‘The Ultimatum’ Is Pure Emotional Torture, And That’s Okay!

Let's dispense with the reality TV self-help bullshit.

EntertainmentTV
‘The Ultimatum’ Is Pure Emotional Torture, And That’s Okay!
Image:lana Panich-Linsman/Netflix

Aside from popping into the premiere episode of Love Is Blind to let us know that he was “obviously” Nick Lachey, the 98 Degrees crooner and his wife, model and TV host Vanessa Lachey, didn’t really do a ton of lifting as far as hosting duties go. But the couple plays a larger role in hosting their latest Netflix reality series, The Ultimatum: Marry or Move On. The new show offers yet another entertainingly experimental approach to finding love, one that the hosts and contestants insist is about emotional growth, and strengthening relationships. To which I say: Can we kindly cut the crap?

If watching people get engaged to someone they’ve never laid eyes on felt wild, The Ultimatum makes Love Is Blind seem positively tame. The series features six couples, and one member of each pair has issued their partner the ultimatum that gives the show its title: They either want to get engaged or call it quits. Before deciding on a path forward, the couples swap partners with the other couples and live together in their new pairings for three-week “trial marriages” to see if the grass is really greener on the other side.

“Psychologists agree an ultimatum is not a good way to get someone else to do what you want,” Lachey tells contestants early on, “but it is the best way to get you the answers you need on a timetable you can live with.” I am not a medical practitioner, but I’d truly be surprised if there’s a psychologist on this planet who thinks that participating in this or any other dating show is an advisable way to build a healthy relationship.

What makes the show deeply watchable is the fact that Netflix doesn’t allow the cast to date new people while keeping their original partners at a respectable distance, which makes for some pretty nightmarish scenarios. Imagine watching your partner of multiple years dating someone else while you sit on the other side of the room. Imagine going on a girls’ night out with acquaintances, only to have another woman remark that your boyfriend gets boners during their bedtime cuddles. Please shout if any of this sounds like the building blocks of the type of healthy, monogamous relationships the show is purportedly designed to build.

Still, the series maintains a pseudo-therapeutic pretense throughout.
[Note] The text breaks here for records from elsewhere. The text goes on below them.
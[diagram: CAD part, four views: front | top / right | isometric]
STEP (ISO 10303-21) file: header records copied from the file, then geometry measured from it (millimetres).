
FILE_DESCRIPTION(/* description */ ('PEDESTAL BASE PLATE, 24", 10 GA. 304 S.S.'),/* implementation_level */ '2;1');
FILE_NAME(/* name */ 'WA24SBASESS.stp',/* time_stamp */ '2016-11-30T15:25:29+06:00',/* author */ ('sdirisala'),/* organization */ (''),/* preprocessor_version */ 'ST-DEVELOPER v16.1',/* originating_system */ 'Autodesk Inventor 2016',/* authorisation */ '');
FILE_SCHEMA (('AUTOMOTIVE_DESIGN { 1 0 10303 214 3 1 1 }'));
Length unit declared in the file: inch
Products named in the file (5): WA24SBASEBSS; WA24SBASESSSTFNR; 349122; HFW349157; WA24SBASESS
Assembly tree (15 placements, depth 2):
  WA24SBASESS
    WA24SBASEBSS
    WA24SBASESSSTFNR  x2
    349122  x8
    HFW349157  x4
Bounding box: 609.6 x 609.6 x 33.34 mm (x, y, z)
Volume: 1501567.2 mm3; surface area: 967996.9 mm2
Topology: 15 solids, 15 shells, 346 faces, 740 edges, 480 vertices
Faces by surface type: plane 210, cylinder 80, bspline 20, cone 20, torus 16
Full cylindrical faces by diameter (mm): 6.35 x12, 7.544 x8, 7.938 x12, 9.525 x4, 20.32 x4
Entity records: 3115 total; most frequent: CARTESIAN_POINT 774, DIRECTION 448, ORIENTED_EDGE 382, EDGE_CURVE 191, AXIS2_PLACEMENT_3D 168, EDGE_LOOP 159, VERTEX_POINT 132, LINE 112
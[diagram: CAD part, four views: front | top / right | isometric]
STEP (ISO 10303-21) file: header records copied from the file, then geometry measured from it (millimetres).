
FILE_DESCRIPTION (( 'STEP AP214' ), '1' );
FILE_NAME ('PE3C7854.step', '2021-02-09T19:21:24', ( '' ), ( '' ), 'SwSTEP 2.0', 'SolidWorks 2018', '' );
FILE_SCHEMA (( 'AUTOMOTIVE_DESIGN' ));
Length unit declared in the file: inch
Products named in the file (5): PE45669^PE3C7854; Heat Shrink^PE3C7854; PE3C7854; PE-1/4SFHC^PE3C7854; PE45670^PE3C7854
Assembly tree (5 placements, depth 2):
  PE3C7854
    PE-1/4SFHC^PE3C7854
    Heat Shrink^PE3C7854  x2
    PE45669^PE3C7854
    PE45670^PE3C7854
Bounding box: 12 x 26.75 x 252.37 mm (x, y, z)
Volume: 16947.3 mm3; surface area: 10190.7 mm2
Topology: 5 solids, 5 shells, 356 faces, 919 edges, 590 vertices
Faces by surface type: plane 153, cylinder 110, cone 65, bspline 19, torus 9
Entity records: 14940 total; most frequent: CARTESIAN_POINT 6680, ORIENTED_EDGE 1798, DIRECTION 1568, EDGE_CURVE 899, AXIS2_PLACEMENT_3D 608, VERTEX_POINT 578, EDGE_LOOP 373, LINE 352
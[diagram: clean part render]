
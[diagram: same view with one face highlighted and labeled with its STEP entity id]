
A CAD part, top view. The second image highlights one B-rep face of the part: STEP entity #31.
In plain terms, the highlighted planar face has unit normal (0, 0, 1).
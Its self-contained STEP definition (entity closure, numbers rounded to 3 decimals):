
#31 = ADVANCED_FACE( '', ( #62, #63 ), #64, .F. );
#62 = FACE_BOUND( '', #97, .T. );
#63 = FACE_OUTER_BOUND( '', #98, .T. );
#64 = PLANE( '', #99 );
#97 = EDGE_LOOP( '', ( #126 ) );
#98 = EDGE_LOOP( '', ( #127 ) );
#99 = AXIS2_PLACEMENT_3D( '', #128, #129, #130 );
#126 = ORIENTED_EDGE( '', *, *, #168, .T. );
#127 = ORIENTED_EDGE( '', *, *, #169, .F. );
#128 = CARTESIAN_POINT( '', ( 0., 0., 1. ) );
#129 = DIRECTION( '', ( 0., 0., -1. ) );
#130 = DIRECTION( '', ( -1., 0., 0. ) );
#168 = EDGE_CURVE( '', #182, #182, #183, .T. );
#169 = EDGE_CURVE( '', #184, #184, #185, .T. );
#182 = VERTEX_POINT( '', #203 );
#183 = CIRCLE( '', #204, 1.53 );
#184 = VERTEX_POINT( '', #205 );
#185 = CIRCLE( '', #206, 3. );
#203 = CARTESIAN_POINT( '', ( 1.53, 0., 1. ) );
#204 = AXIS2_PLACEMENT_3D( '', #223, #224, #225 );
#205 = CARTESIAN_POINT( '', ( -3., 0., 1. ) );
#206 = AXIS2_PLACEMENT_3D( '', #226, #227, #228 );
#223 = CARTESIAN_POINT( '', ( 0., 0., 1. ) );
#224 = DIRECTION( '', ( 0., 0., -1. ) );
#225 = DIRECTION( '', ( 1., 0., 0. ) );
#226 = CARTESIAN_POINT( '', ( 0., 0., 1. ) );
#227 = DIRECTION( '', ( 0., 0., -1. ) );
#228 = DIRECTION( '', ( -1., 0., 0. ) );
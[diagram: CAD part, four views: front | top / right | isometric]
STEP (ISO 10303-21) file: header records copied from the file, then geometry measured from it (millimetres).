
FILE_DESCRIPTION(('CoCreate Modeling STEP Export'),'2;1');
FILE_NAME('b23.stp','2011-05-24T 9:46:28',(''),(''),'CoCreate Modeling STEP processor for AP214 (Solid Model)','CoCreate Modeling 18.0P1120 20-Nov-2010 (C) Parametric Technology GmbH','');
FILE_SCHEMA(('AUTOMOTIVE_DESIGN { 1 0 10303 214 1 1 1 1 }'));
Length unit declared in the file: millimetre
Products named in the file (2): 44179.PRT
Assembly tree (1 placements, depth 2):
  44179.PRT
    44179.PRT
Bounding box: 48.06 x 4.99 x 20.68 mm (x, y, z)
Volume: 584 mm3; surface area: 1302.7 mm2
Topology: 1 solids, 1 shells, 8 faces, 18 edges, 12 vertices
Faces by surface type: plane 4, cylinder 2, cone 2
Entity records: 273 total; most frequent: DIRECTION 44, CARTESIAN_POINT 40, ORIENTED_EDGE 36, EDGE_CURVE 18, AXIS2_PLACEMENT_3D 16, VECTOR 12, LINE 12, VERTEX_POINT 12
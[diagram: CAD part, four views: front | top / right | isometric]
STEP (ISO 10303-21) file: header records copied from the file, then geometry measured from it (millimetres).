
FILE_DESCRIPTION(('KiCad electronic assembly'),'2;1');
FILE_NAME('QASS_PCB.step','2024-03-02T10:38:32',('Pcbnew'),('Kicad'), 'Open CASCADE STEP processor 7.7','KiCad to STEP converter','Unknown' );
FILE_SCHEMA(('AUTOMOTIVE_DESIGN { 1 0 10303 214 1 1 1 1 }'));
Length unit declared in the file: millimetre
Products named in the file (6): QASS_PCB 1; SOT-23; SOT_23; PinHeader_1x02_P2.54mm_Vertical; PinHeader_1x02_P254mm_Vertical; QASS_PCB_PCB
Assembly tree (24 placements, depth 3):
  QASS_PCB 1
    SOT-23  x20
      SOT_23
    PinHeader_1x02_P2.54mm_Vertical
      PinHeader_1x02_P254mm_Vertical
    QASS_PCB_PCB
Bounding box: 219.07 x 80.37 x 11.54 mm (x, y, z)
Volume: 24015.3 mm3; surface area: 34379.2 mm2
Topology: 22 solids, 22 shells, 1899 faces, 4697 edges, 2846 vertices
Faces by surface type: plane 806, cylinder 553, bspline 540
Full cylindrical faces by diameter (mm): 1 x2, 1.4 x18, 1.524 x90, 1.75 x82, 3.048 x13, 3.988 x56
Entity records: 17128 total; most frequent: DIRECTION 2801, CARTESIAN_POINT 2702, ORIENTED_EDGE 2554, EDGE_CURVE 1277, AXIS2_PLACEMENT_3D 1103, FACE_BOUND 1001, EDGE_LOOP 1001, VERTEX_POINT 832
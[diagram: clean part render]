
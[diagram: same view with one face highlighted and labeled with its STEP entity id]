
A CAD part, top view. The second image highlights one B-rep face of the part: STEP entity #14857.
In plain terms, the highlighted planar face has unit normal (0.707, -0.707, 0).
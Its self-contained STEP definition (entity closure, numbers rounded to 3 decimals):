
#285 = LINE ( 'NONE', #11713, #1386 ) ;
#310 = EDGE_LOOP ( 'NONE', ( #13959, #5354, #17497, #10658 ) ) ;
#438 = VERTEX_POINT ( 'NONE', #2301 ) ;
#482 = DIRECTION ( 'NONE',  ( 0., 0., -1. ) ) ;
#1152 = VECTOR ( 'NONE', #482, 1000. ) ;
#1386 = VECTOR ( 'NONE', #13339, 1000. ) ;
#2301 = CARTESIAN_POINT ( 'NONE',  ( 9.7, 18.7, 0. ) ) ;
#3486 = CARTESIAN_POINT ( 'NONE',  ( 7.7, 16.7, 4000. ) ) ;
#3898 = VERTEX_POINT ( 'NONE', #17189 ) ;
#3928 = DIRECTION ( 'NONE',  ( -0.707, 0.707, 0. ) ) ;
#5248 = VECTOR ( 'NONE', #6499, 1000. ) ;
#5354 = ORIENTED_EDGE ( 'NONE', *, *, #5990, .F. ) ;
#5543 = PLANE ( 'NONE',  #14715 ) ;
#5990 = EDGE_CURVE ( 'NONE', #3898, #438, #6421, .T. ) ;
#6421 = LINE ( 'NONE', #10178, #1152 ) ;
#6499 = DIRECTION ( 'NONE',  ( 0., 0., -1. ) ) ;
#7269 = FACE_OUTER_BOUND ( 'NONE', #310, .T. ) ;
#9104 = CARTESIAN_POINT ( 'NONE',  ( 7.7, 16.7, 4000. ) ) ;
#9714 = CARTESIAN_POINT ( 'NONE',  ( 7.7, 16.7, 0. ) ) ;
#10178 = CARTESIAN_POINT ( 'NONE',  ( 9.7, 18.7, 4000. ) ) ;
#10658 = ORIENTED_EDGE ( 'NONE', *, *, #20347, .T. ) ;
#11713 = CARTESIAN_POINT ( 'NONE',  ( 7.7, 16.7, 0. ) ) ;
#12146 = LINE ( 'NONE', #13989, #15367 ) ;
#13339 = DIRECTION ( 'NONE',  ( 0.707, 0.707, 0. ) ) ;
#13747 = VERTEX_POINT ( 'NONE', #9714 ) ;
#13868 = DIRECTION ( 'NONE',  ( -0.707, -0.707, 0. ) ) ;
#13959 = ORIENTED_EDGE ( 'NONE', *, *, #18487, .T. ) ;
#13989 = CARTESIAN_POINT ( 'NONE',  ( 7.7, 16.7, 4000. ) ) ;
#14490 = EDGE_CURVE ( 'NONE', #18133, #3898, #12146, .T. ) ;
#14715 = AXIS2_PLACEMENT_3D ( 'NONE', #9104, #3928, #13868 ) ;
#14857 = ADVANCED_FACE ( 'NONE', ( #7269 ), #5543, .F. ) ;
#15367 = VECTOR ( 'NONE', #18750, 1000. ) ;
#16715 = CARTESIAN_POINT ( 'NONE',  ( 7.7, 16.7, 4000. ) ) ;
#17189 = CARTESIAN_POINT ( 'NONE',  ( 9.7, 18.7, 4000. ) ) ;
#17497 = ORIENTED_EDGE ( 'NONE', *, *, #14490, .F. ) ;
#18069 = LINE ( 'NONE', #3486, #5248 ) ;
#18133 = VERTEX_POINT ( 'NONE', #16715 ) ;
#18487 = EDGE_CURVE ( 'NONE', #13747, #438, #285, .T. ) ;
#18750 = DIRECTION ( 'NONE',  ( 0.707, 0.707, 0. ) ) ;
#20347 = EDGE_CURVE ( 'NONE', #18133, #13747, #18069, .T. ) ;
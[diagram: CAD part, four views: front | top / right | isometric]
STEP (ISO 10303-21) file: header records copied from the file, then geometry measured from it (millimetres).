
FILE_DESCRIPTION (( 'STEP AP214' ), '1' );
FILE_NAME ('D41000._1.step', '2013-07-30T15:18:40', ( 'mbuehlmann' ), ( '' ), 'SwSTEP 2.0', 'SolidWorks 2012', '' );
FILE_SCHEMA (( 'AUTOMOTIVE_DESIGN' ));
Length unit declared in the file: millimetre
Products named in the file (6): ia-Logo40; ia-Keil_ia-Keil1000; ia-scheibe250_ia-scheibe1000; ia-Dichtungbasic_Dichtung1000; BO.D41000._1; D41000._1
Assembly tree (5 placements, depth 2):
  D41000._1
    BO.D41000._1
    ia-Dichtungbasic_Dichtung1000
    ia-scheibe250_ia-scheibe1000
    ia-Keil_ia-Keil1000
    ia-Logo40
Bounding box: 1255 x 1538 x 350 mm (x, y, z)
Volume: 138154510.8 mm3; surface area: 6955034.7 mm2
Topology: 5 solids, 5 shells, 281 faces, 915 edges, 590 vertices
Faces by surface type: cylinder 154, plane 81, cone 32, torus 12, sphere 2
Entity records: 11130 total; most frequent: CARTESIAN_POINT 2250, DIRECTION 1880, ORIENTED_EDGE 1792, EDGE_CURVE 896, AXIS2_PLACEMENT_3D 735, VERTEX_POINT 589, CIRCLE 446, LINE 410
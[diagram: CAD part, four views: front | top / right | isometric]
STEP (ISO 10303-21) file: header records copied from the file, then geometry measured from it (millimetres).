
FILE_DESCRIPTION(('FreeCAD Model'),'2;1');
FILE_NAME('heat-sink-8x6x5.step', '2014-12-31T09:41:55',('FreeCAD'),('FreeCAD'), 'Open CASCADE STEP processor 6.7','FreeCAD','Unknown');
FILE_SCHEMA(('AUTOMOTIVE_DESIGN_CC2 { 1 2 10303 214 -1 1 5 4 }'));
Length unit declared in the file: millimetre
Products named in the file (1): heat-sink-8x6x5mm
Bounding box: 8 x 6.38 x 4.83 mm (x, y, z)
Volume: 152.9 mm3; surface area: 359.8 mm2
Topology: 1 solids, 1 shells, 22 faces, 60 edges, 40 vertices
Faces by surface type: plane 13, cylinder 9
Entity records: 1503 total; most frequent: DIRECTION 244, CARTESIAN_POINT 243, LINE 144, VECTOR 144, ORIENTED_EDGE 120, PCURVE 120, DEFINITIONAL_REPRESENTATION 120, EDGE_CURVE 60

In the second episode, while contestants choose which virtual stranger they wanted to leave their partners for, Lachey surveyed the room full of emotionally battered 20-somethings and said, “If you guys weren’t feeling things right now, I would send you to the hospital and check for a pulse. You’re supposed to be feeling all these things that you’re feeling.” It’s like tossing someone into a wood chipper while nodding empathetically and saying that you understand what they’re going through.

“The hardest part is to put the jealousy aside,” Vanessa advises at one point. “But also to have faith.” If anyone ended up getting dumped, “Then thank god you did that now, and not after you were married with two kids,” she said. The suggestion—that sharing a bed with an attractive stranger for three weeks is some kind of essential test for couples whose ultimate goal is monogamy and marriage—is truly laughable.

The series is the messiest of messes, a show so engrossing that I didn’t binge it, I inhaled it. And The Ultimatum is far from alone in trying to give its high-drama manipulations a candy-coating of self-help through jabber about feelings, growth, and healthy relationships; pretty much every other reality dating show does the same thing, too. But we don’t have to do keep up this pretense. The contestants are looking for fun, fame, and the chance to meet some fellow hot people. Viewers come for the spectacle, hosts come for the check. We’re grown ups—let’s just be honest about it.